Four basic types of association
- Zero: Knowing zero elements of something different is the usual default case: Your employee object probably doesn’t need to know about the payroll object of the company and therefore has no association to it. This means that there is no member variable of the type Payroll in the class Employee. No developer ever modeled a “zero” association by declaring a member variable and setting it to null. This would be ridiculous. We just omit the member variable and are done. Knowing zero elements of something is easy.
- One: Yes, I’ve omitted Maybe at the moment. I’ll come back to it. Knowing one element of something is also not hard: You declare a member variable of the type, give it a good name (that’s the hard part!) and ensure that every instance of your class (every object) has a valid reference to an object of something’s type. If you call methods on this reference, you call methods on the object you know. As long as you live, the other object cannot disappear. Knowing one element of something is a long-lasting relationship.
- Maybe: Sometimes, you want to know an element of something that isn’t there yet or you knew an element of something once, but it is gone. You know “maybe one” element of something. These associations are typically programmed in a cumbersome way by many developers. Instead of embedding the “maybe” aspect in the type system and giving the compiler a chance to help, it is burdened solely onto the developer’s shoulders by implementing the “maybe” like a “one” with the added possibility of a null reference if the element isn’t there. A direct result of this approach are null-checks in the code or NullPointerExceptions at places without such checks. One possibility to elevate the “maybeness” into the type system is to implement the association with a Maybe or Optional type. Instead of referencing a Salary directly that might be null if an employee isn’t salaried anymore, the Employee class references an Optional<Salary> object. This object might “contain” a salary or it might not. With a few adjustments to the conditional flow of the code, this distinction between “something is there” and “something is not there” doesn’t matter anymore. If the code is free from implicit Optional types (references that can be null), a whole category of bugs disappears and the code is freed from manually programmed type system checks. Probably knowing one element is the type of assocation that requires some thought and is often done on the wrong level.

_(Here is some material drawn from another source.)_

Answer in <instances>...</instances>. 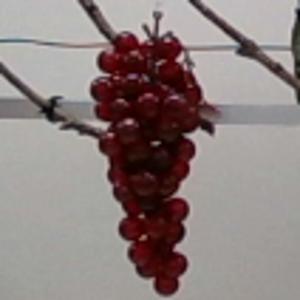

- Many: As soon as you want to know more than one element of something, you fall into the “many” category. Many-associations are not so easy to handle, because there are so many possibilities to express them. The basic types are arrays or lists. My recommendation is to use lists whenever feasible and only resort to arrays if it is necessary, because arrays are fixed-length and have the same problem of maybe-null-references: An array index might have been written yet or not. If you refrain from storing null references into lists, they express their filling level a lot clearer than arrays. And given advanced features like iterators, there isn’t even a need to ask for the filling level. An interesting observation is that the list-based many-association can also serve as a zero-, maybe- or one-association. It is possible to replace all other types of association with lists. You probably won’t want to do this, because with the maximization of multiplicity flexibility comes more complexity and reduced readability of the code. You should strive to minimize complexity. Only add many-associations if you really need them. Even just replacing a “maybe” (Optional) with a “many” (List) is a source of much unwanted code and uncertainty.
Advanced types of association
Of course, there are many more types of association that you’ll eventually need. A good example is the qualified association, often implemented by a Map/Dictionary that translates from the qualifier type to the qualified type. But they are rare in comparison to the four basic types.
If you get your basic associations right, your domain model will help your compiler and IDE to support and guide you. This is an upfront investment that pays off manyfold over the course of the project and eliminates the burden of attention to detail when it comes to accidental complexity like null pointers. Your project’s domain probably doesn’t contain null pointers, but the concepts of knowing zero, maybe, one and many.